There is one entry where there is a null value (-) for the median income, and this corresponds to a census tract with 0 households (this seems to be because this tract is a State Prison complex). So we need to ignore the tract where number of households=0, and also convert the data to floats (because its type is string).

In [46]:

median_income = income_df.ix[(income_df["Households; Estimate; Total"] > 0), 
                             "Households; Estimate; Median income (dollars)"].astype(float)


fig = plt.figure(figsize=(10,10))
ax = fig.add_subplot(111)
ax.hist(median_income, 50)
ax.set_xlabel('median income in AZ per tract ($)', fontsize=24)

png

Read in the Tucson grocery store data

Scraped from foursquare into a simple CSV file

In [47]:

supermarkets = pd.read_csv("grocery_stores.csv")
supermarkets.head()

	lat	lon	name	addr
0	32.229253	-110.873651	Kimpo Market	5595 E 5th St
1	32.220195	-110.807966	Walmart Neighborhood Market	8640 E Broadway Blvd
2	32.118384	-110.798278	Safeway	9050 E Valencia Rd
3	32.256930	-110.943687	India Dukaan	2754 N Campbell Ave
4	32.193137	-110.841855	Walmart Neighborhood Market	2550 S Kolb Rd

Folium for mapping

Folium is a python wrapper for the Leaflet javascript library, which itself can render interactive maps.

We need a way to convert the census tract ID to its equivalent area on the map, the census website provides this data in the form of ESRI Shapefiles.

Folium works with GeoJSON files so we need to convert.
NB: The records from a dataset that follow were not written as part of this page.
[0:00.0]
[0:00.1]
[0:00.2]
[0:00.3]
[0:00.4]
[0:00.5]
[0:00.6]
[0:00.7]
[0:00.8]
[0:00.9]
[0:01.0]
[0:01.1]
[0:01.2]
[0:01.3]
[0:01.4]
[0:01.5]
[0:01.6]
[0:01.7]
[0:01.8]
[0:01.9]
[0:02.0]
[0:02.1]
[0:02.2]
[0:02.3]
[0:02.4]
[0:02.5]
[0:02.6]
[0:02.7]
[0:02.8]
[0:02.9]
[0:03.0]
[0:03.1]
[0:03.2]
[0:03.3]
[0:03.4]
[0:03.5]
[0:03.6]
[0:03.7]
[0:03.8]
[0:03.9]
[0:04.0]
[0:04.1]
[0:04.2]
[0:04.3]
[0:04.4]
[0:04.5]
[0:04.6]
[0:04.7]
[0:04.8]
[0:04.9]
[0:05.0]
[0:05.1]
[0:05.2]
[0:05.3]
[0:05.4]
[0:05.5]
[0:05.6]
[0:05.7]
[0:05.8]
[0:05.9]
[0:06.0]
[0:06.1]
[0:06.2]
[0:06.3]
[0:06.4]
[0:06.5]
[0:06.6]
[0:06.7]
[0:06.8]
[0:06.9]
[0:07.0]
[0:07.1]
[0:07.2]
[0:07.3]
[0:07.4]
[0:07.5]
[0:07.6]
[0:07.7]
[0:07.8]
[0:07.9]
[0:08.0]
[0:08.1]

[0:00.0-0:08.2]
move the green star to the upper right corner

Handily we can do this using an online converter

In [48]:

import folium
import json

# GeoJSON file of Arizona census tracts
state_geo = "arizona.json"

# initialize map
tucson_coords = [32.2,-110.94]
mp = folium.Map(location=tucson_coords, zoom_start=11)

# map data to geo_json
mp.geo_json(geo_path=state_geo, 
            data=income_df.ix[(income_df["Households; Estimate; Total"] > 0)],
            data_out="median_income.json", 
            columns=["Id2", "Households; Estimate; Median income (dollars)"],
            key_on="feature.properties.GEOID",
            fill_color='YlGn',
            fill_opacity=0.7,
            line_opacity=0.2 ,
            threshold_scale= np.logspace(np.log10(15000), np.log10(125000), 6).tolist(),
            legend_name='Median Income') 

# plot the supermarkets on the map
for i,row in supermarkets.iterrows():
    name = row["name"].decode("utf8")
    mp.circle_marker(location=[str(row["lat"]), str(row["lon"])], popup=name, radius=100, fill_color="red", )
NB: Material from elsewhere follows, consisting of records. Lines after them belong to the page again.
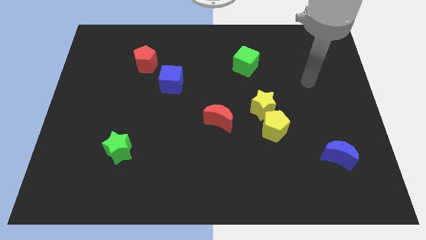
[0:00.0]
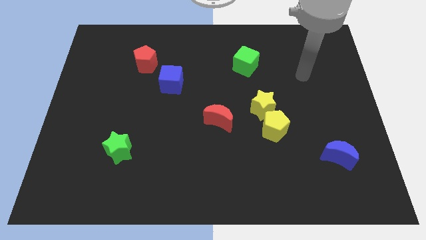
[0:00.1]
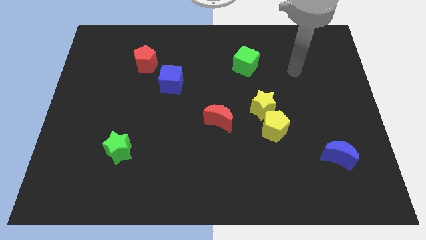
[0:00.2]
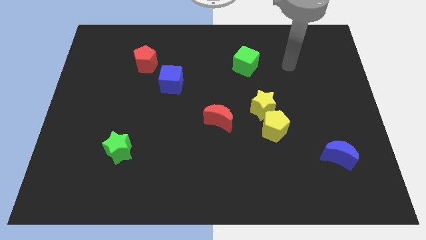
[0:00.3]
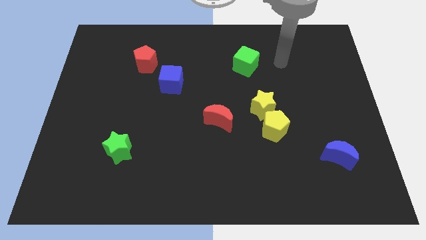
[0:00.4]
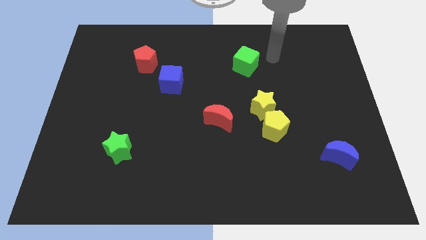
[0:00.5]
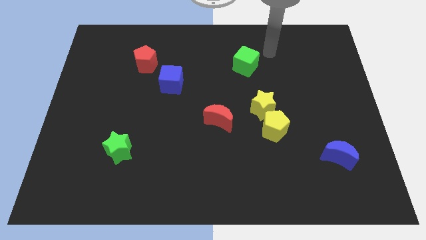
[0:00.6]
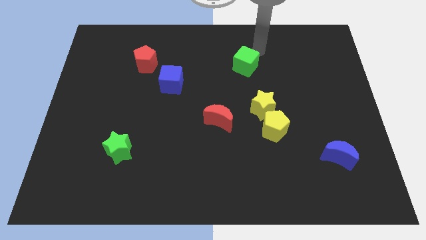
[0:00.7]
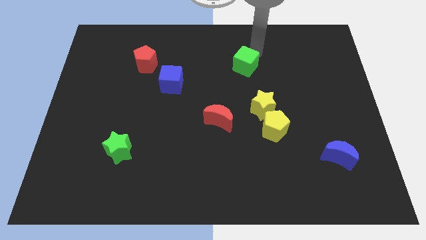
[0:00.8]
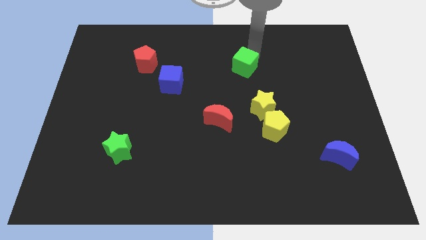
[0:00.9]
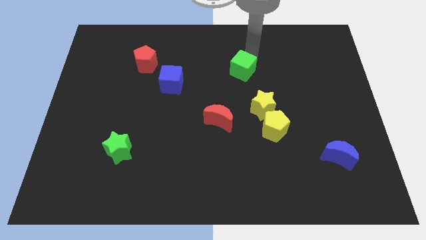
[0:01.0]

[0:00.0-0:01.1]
put the green cube to the center

# generate the HTML/Javascript
mp.create_map(path='tucson.html', plugin_data_out=False)

Map!

Here is a link to the map. Unfortunately we ran out of time before being able to add a toggle to toggle between median income and another dataset (e.g. population density). This particular visualisation would also be served better by higher resolution income data than that given by census tracts, but it was a great start: we learned a lot and finished something!